GLOBALISIERUNG
Faktenreich schnöselig
SZ-Autoren wollen den Welthandel vor seinen Kritikern retten
Danke an Markus Balser und Michael Bauchmüller. Die beiden jungen Wirtschaftredakteure der SZ haben sich aufgemacht, ein bisschen Ordnung in die panischen Diskussionen um den Welthandel, die globale Ausbeutung und die ATTAC-Ideologie zu bringen. In Wirklichkeit nämlich arbeiten Shell und Nike und die anderen Erz-Feinde aller Gutmenschen an der Verbesserung der Weltlage, wenn schon nicht aus moralischer Grösse, dann aus wirtschaftlicher Notwendigkeit. Wenn nur endlich alle Zölle fielen.
Das ist natürlich stark verkürzt. So wie Balser/Brauchmüller auch immer heftig raffen, um einen Punkt zu machen. Und oft zu dem meuchelnden Argument greifen, die Globalisierungskritiker hätten unrecht, gerade weil sie ein paar mal gewonnen hätten. Erfolgreiche Kampagnen von Greennpeace (etwa gegen Duponts Versuch, Mais zu patentieren) zeigten doch, dass der böse Kapitalismus gerade globalisiert zu regeln sei, mithin bloß eine Art Flugblatt-Tiger.
Andersrum: die moralisch scheinbar "besseren" Unterdrückten finden westliche Umweltstandards oft wirtschaftlich untragbar - und prompt verwickeln sich die moderaten Neo-Liberalisten in Widersprüche. Eigentlich meinen sie: ordentlicher Welthandel sei eine Chance, keine Garantie für "Wohlstand für alle". Und obwohl sie immerzu faktenreich schnöselig auf den Attac-Elan als hippiehaft einschlagen, bestätigen sie damit dessen Grundidee: nicht ideologisch Freund und Feinde festlegen, sondern die wirklichen Interessen aller Marktteilnehmer berücksichtigen. Nicht Welthandel verbieten, sondern fair gestalten.
Die Form des Buches läuft seiner inneren Absicht allerdings entgegen. Die Autoren widerlegen nicht eine Kritik-Ideologie mit Fakten (sie sind wohl zu jung um zu wissen, dass Ideologieen nie mit Fakten, nur mit Kritik zu schlagen sind). Sie beweisen viel mehr bloß, dass eine gute Globalisierung besser wäre als gar keine.
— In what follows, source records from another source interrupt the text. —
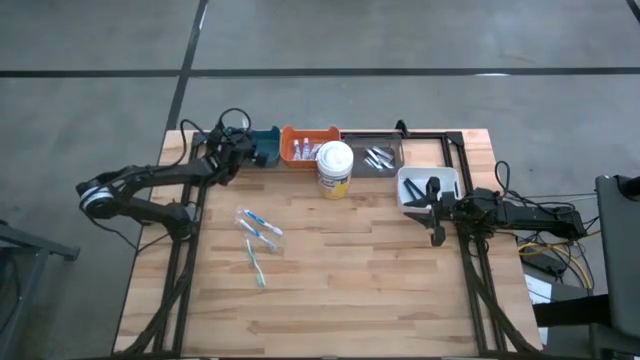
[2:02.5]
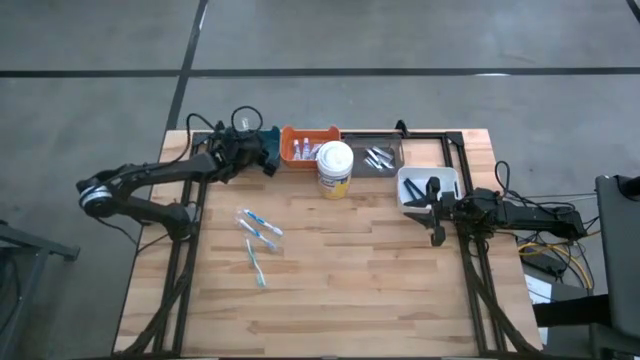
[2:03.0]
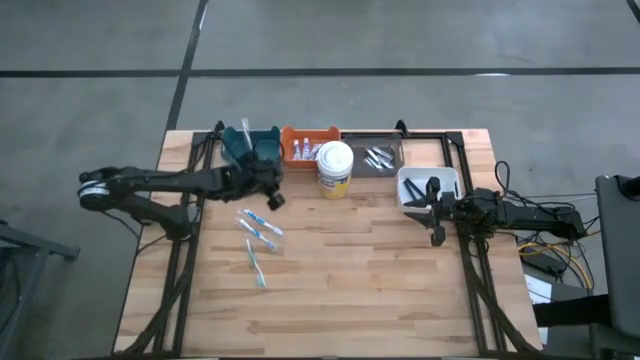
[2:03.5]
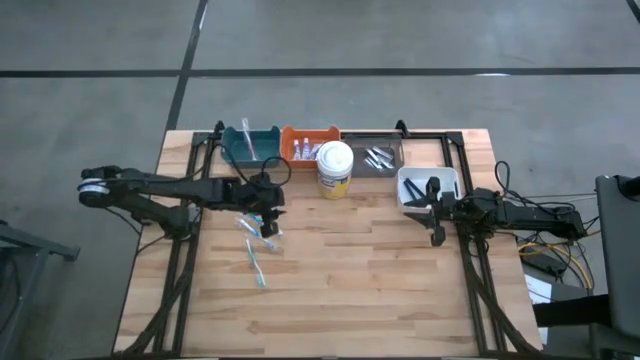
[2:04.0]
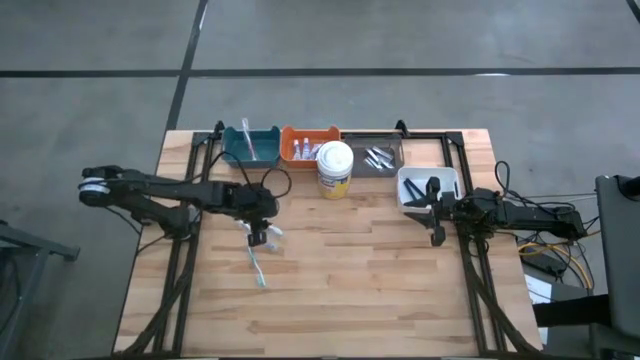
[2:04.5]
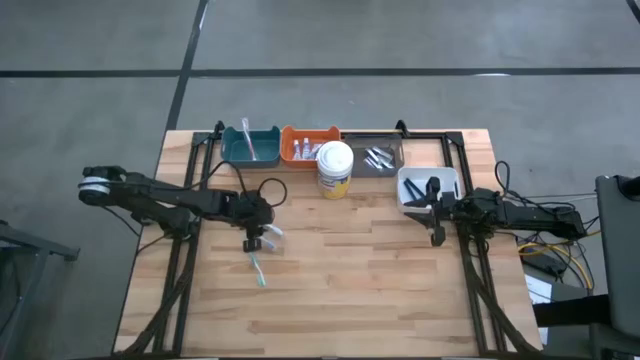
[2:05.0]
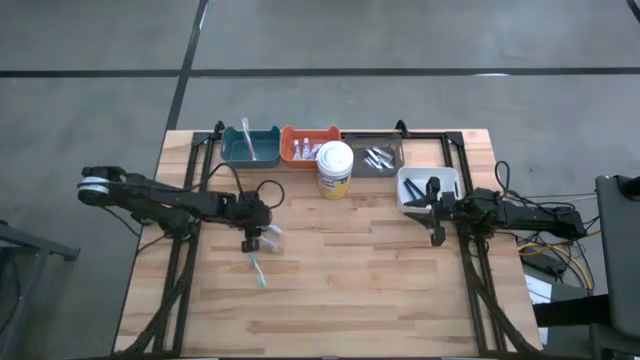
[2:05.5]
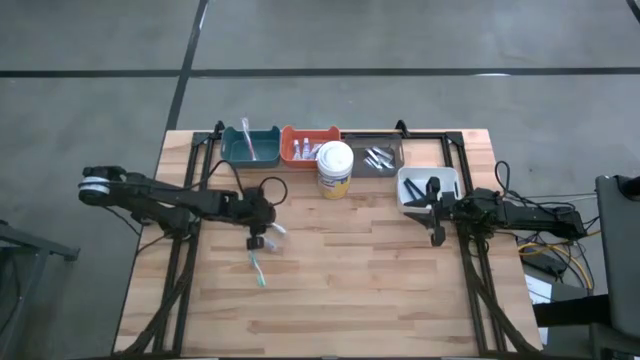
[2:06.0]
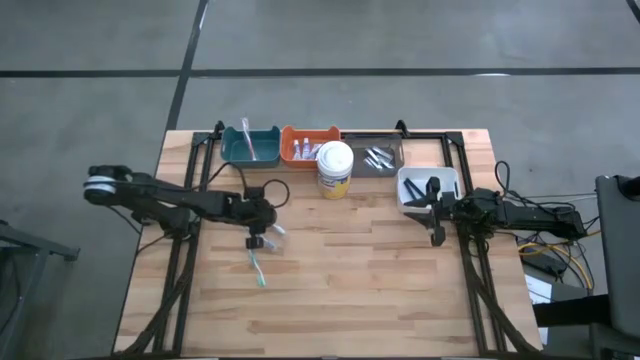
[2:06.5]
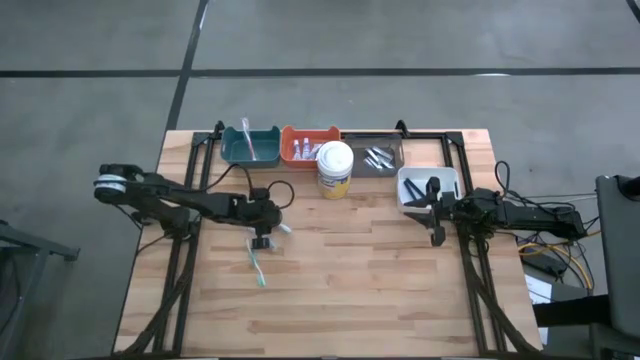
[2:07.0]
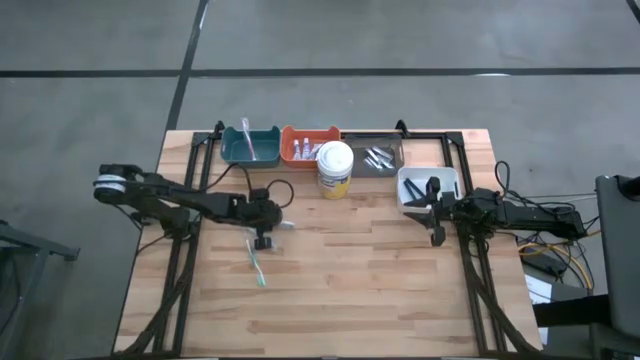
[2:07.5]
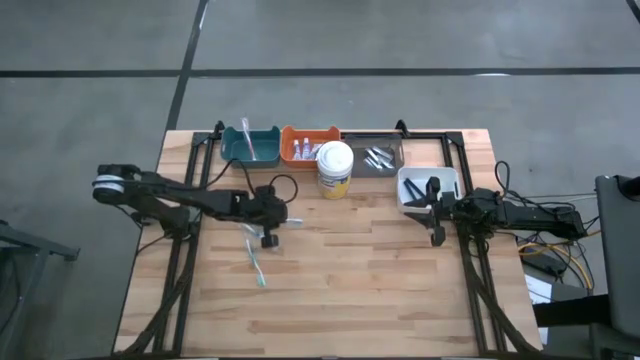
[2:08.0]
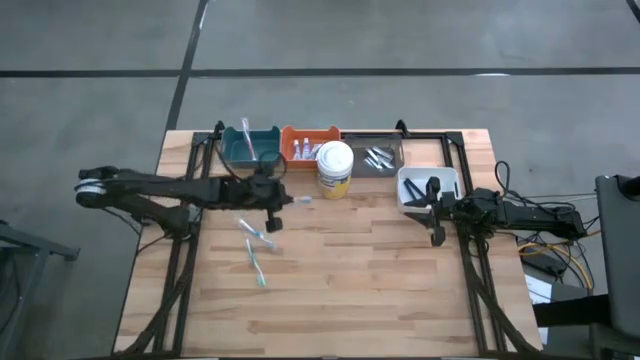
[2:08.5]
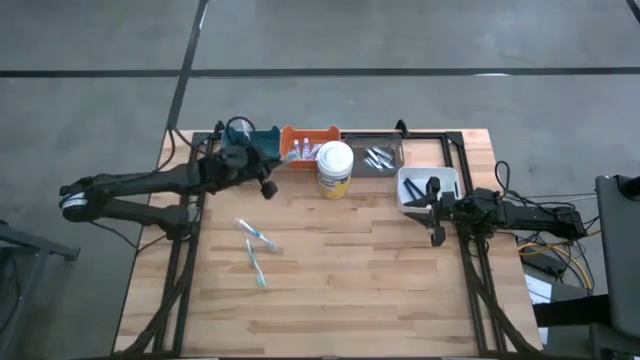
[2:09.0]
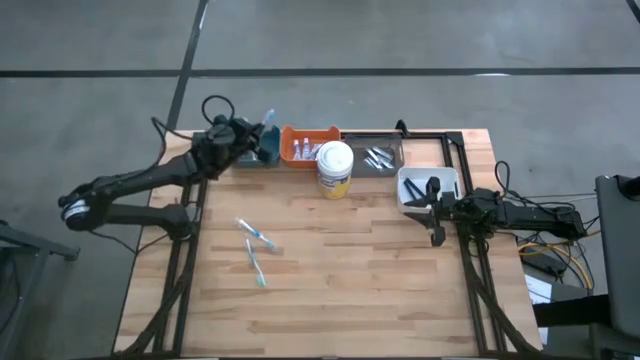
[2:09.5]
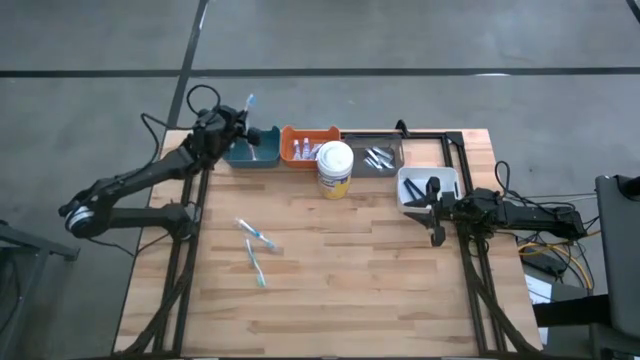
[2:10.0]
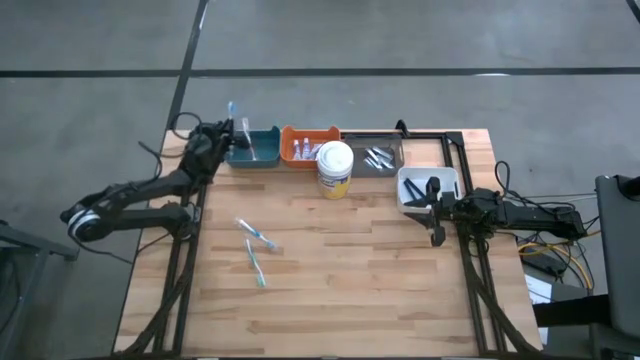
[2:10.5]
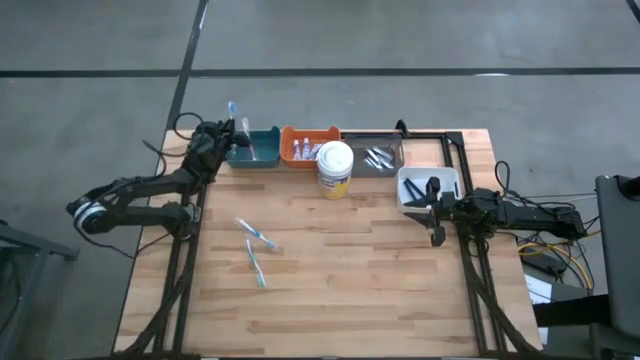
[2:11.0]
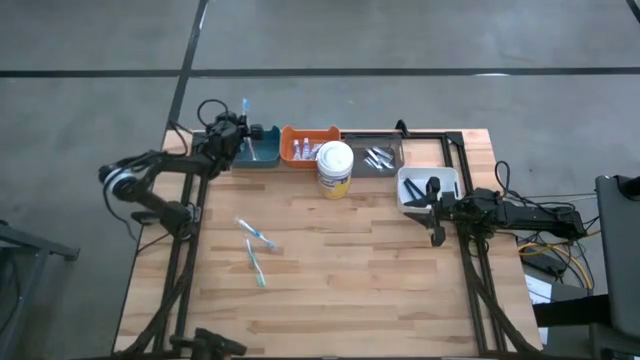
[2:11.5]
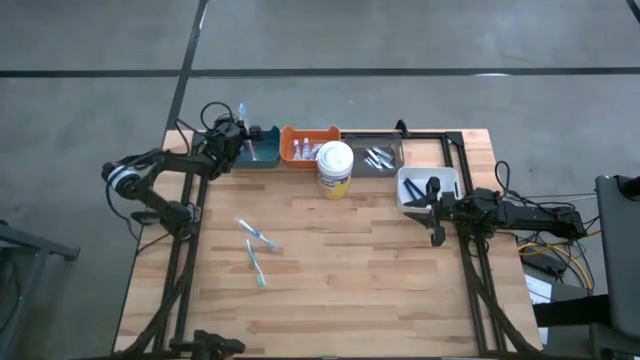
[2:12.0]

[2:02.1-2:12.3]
Task: Pick & Place Travel size toiletries
Put the top blue toothbrush into the blue bin

Balser/Bauchmüller sollten lieber ATTAC-Mitglieder werden, als auf tumbe Partikular-Interessenten auch unter den Anti-Globulisten herumzureiten. Und sie sollten ihre eigene unverstandene Ideologie kritisieren. Dem "Neger" anzutragen, er solle sich nicht unvernünftiger verhalten als seine gerade verjagten weißen Herren, wirkt sonst eher zynisch als naiv. Und dem Konsumenten hier einzureden, mit dem Kauf von "korrekten" No-Logo-Waren zementiere er gerade ungerechte Verhältnisse, ist schon fast bösartig vereinfachend.
Sie sagen es nicht, aber sie müssen es eigentlich meinen: solange eine Kuh in Deutschland 100 mal mehr Subventionen kriegt als ein Kuh-Hirte in Somalia, ist der freie Welthandel eine Farce. Und sie sagen es immerhin in Nebensätzen: alle Weltwirtschafts-Organisationen haben sich bisher an Marktgesetzen und Menschenrechten vergangen; erst langsam lernen gute globale Unternehmen, dass Fairness länger währt als Kolonialismus; und am Ende stimmen sie in der Analyse der Weltwirtschaft mit ihren Gegnern überein: kein Entwicklungsland darf ungeschützt globalisiert werden, kein Unternehmen schrankenlos operieren. Die genaueren Durchführungsbstimmungen passen auf kein Plakat, zugegeben, aber in diesem Buch stehen sie auch nicht.